● YOUR TASK
Write out every entry exactly as it appears, omitting the pictures.
--- START ---
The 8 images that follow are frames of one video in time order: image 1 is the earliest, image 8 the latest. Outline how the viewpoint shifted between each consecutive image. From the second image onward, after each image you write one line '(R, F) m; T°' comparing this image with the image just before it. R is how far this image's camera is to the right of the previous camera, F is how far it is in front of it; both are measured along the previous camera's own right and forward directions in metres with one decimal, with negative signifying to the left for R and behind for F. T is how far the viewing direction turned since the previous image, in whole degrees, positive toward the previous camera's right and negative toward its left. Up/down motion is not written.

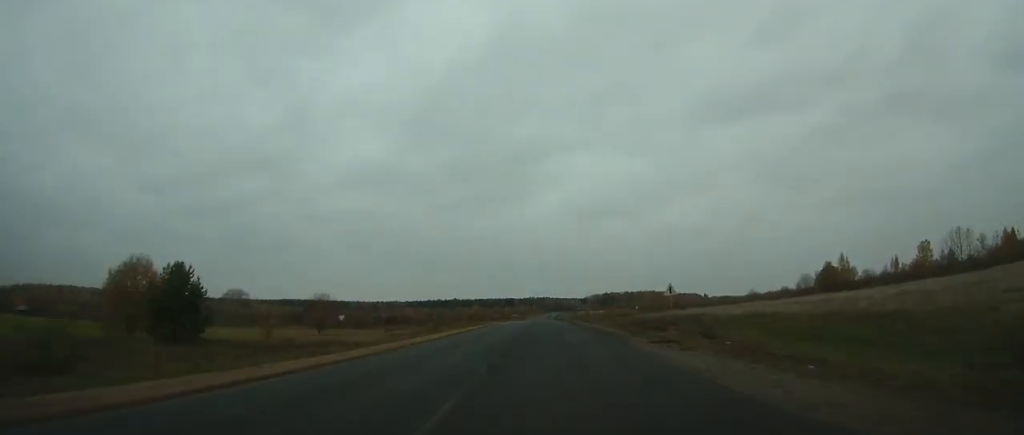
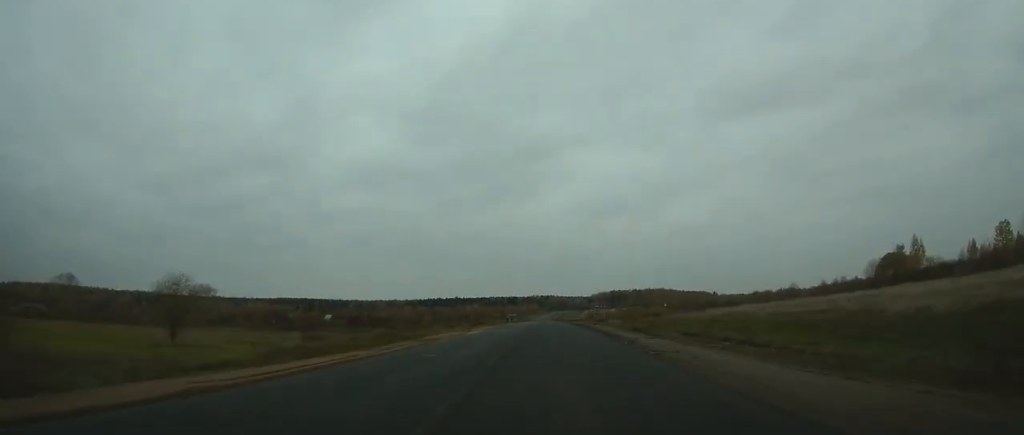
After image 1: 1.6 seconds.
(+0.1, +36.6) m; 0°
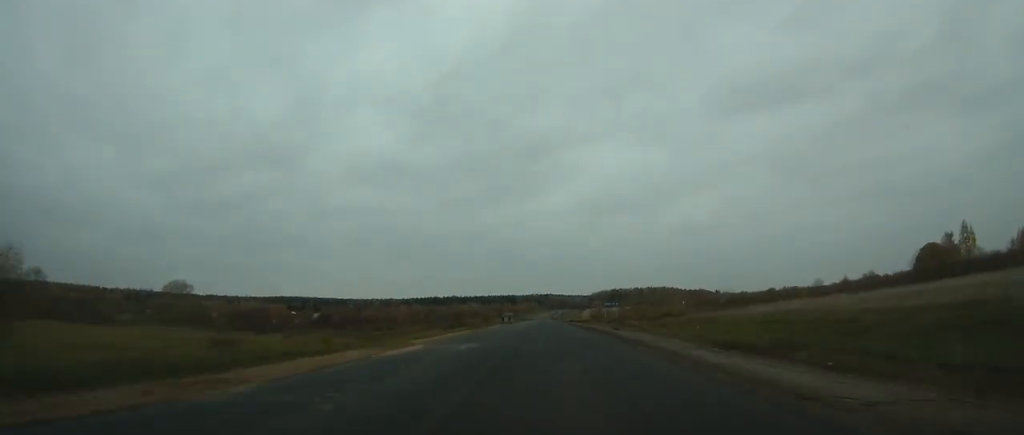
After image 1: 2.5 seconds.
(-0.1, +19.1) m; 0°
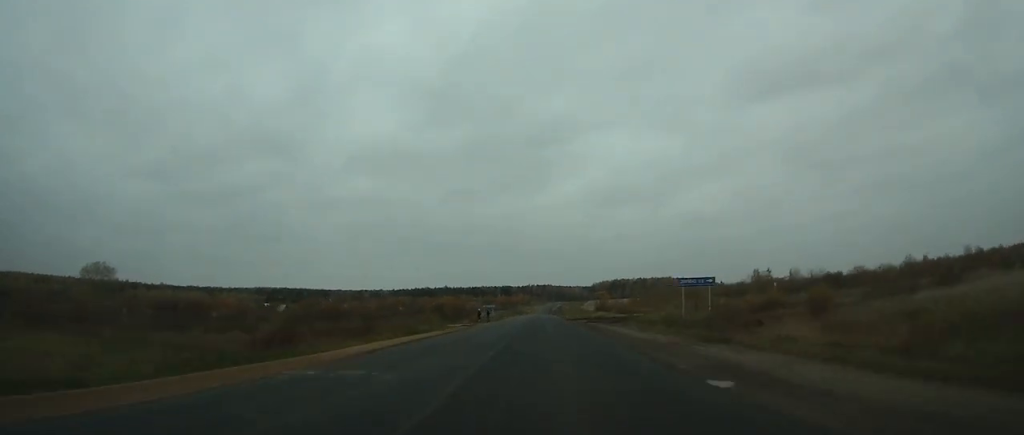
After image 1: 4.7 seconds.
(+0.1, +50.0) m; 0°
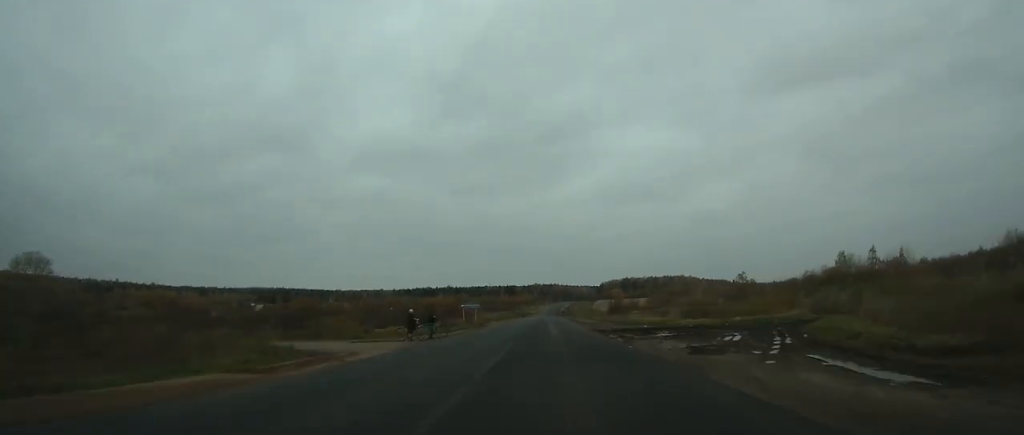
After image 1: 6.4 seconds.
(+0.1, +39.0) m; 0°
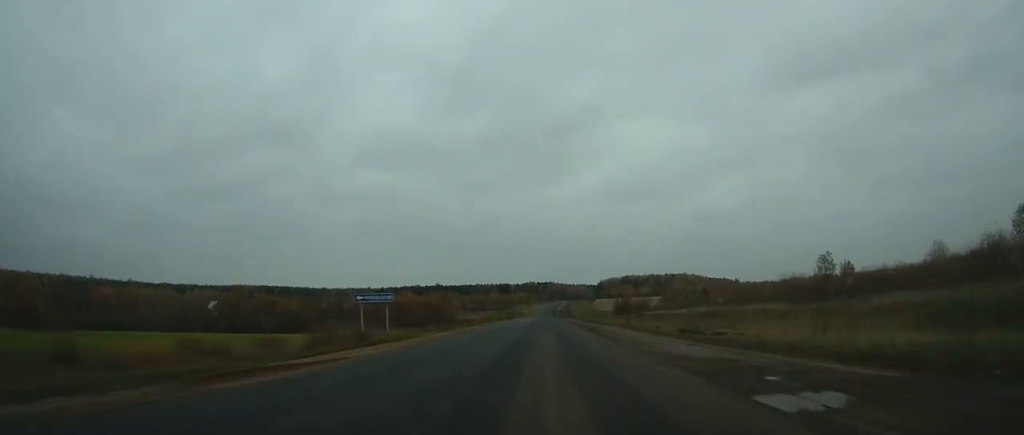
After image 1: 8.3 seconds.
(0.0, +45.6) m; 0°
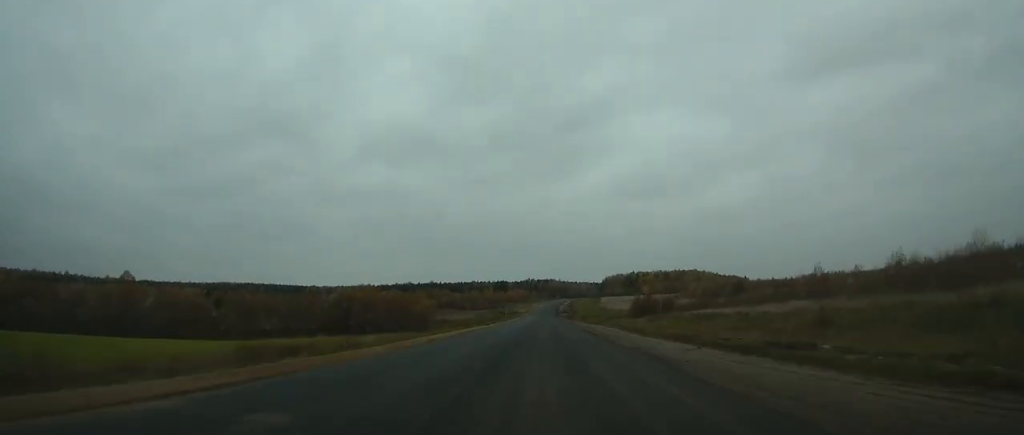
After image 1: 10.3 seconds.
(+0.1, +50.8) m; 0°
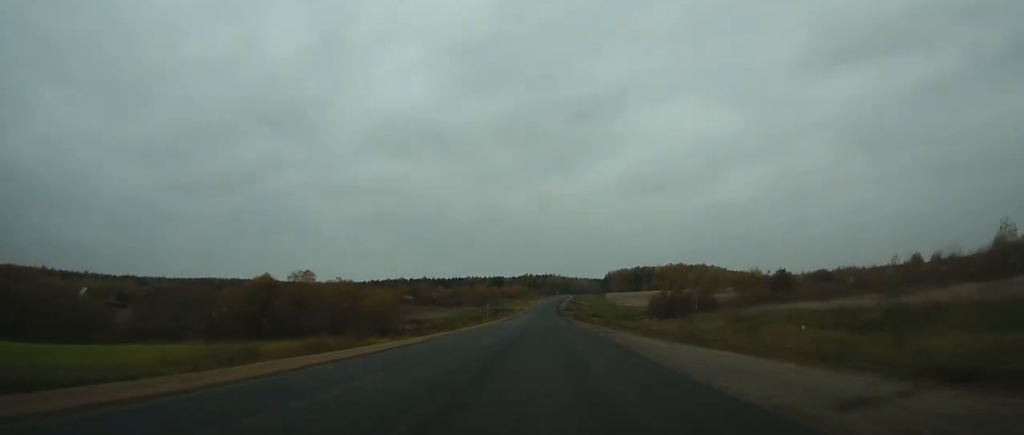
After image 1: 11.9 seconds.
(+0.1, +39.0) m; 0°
--- END ---
● EXERCISE OUTPUT
The 8 images that follow are frames of one video in time order: image 1 is the earliest, image 8 the latest. Outline how the viewpoint shifted between each consecutive image. From the second image onward, after each image you write one line '(R, F) m; T°' comparing this image with the image just before it. R is how far this image's camera is to the right of the previous camera, F is how far it is in front of it; both are measured along the previous camera's own right and forward directions in metres with one decimal, with negative signifying to the left for R and behind for F. T is how far the viewing direction turned since the previous image, in whole degrees, positive toward the previous camera's right and negative toward its left. Up/down motion is not written.

After image 1: 1.6 seconds.
(+0.1, +36.6) m; 0°
After image 1: 2.5 seconds.
(-0.1, +19.1) m; 0°
After image 1: 4.7 seconds.
(+0.1, +50.0) m; 0°
After image 1: 6.4 seconds.
(+0.1, +39.0) m; 0°
After image 1: 8.3 seconds.
(0.0, +45.6) m; 0°
After image 1: 10.3 seconds.
(+0.1, +50.8) m; 0°
After image 1: 11.9 seconds.
(+0.1, +39.0) m; 0°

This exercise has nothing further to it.